I hurried toward her. “Get out of here. Take the Triumph, and contact Pallas. Tell the Porters what we’ve learned.” I blasted the ground again, trying to slow the automaton down.
“Right.” She grunted as she hurled another chunk of concrete. “Because the unstoppable clockwork golem will never catch up with a forty-year-old car lurching up a dirt road in first gear.”
I fired at a tree, hoping to topple it onto the automaton. Maybe that was what Hubert had done to destroy the other one. Explosive darts shredded the trunk, but the tree fell too slowly and at the wrong angle, missing by a good twenty feet.
Lena hit me in the shoulder with the butt of her weapon, hard enough to make me stagger. “Don’t do that again.”
“Sorry.” Right, no more shooting trees.
Lena raised her swords. “The hands and feet are exposed wood. If it would stay still long enough for me to grab hold, I might be able to destroy this thing from the inside.”
“Even if it wasn’t protected from magic, it would crush you the instant you tried.” Before I could say anything more, the automaton leaped forward.
Lena grabbed the back of my jacket and hurled me aside. She spun back to face it, raising one arm to block its swing.
I heard bone crack, followed by Lena’s shout of pain. This was a woman who had outmuscled vampires, and the automaton batted her aside like a rag doll. Her left arm was shattered, her sleeve torn and bloody.
“Lena, go!”
“I don’t think so.” She held her arm tight against her side as she pushed herself upright. She jumped back, dodging the next swing, but pain made her cry out again. She stumbled and grabbed a young birch tree for balance. “Besides, you’ve got the keys.”
“Dammit!” I switched books, this time pulling out a copy of
Peter and Wendy
. Just as before, my use of magic yanked the automaton’s attention back to me. I held the book over my head and shook it like a salt shaker. Fine dust sprinkled from the pages. I thought back to the kiss Lena and I had shared that morning, and fueled by fairy magic and happy thoughts, shot into the air like Superman. I tossed the car keys toward Lena, then spun in midair to face the automaton. “That’s right, catch me if you can!”

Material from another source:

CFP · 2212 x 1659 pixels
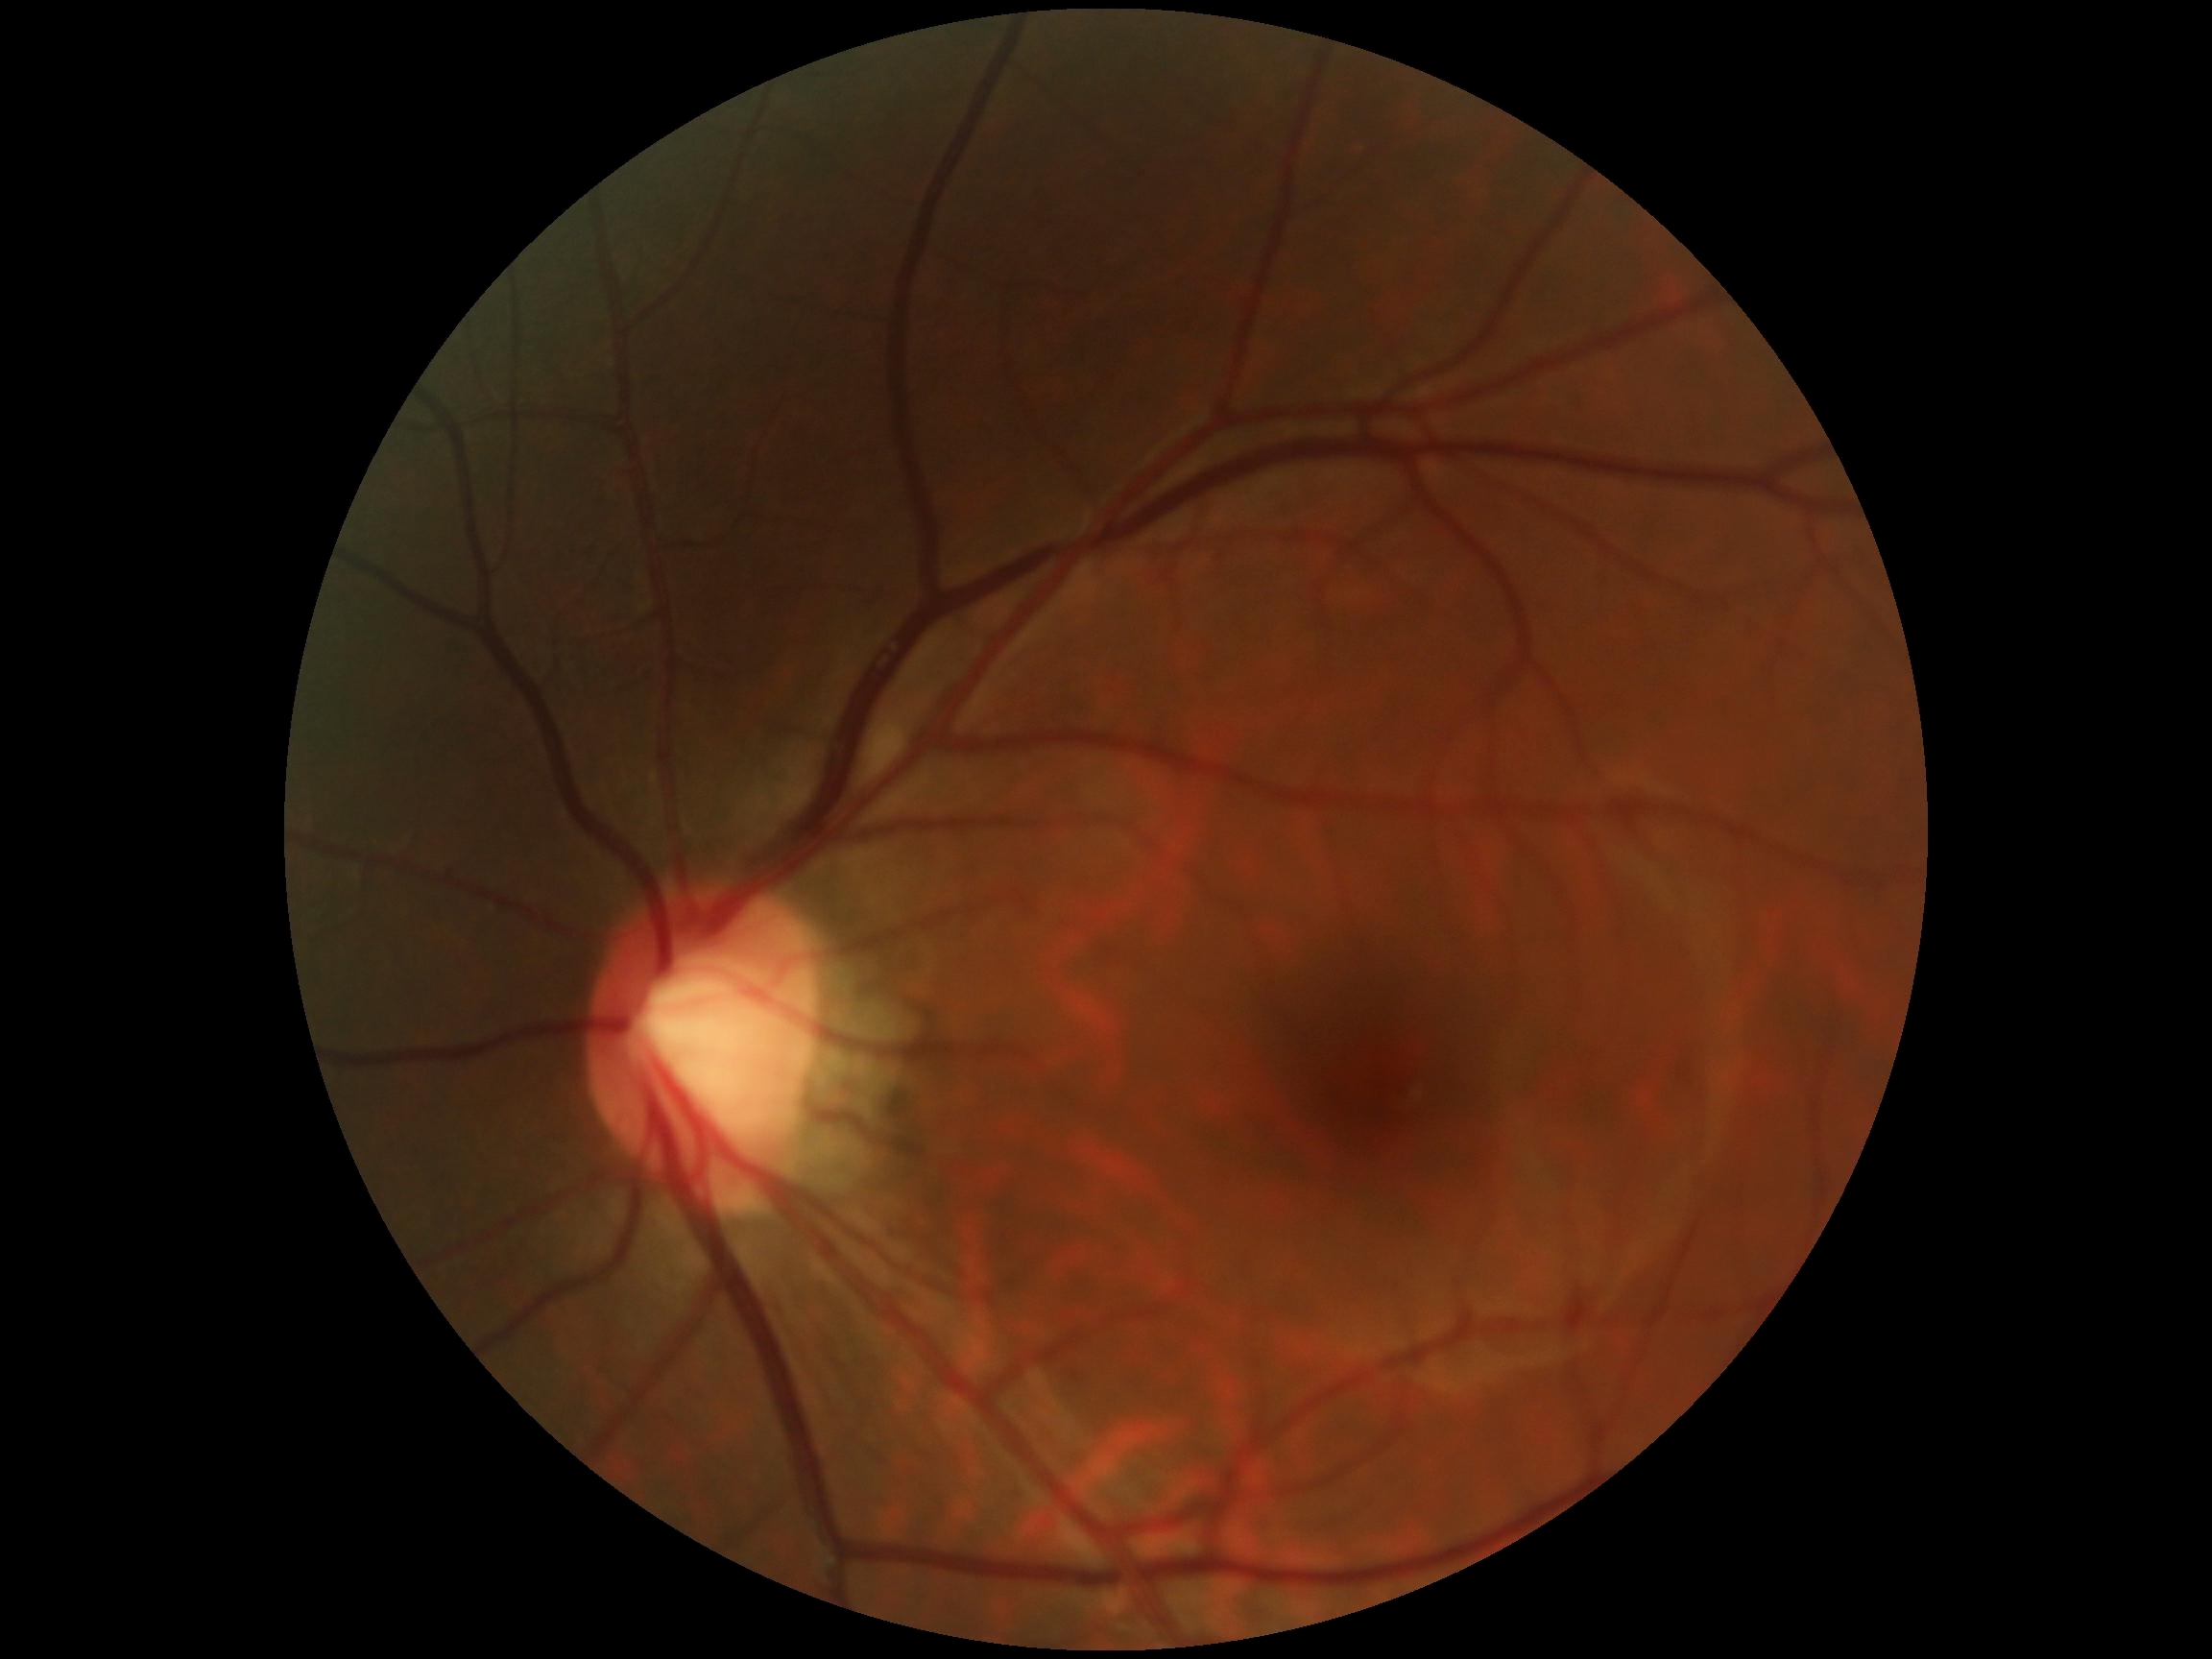 Retinopathy: 0/4.

It could. There was another blink of light, and then it was high overhead, dropping toward me like a missile. I swore and swerved wildly, barely dodging the thick-fingered hand that clapped shut mere inches from my leg. Trees shook as the automaton crashed into the ground.
I was well above the treetops, which made both Lena and the automaton look like toys. If I fell from this height, it was an even bet whether I’d die when I impacted the ground, or if the tree branches would just batter me to a broken but breathing pulp. I curved to the side, my guts lurching like I was on the world’s worst roller coaster.
The automaton merely watched, its eyes glowing like tiny stars. The dust clinging to my hair and clothes began to sizzle, and I felt myself losing altitude.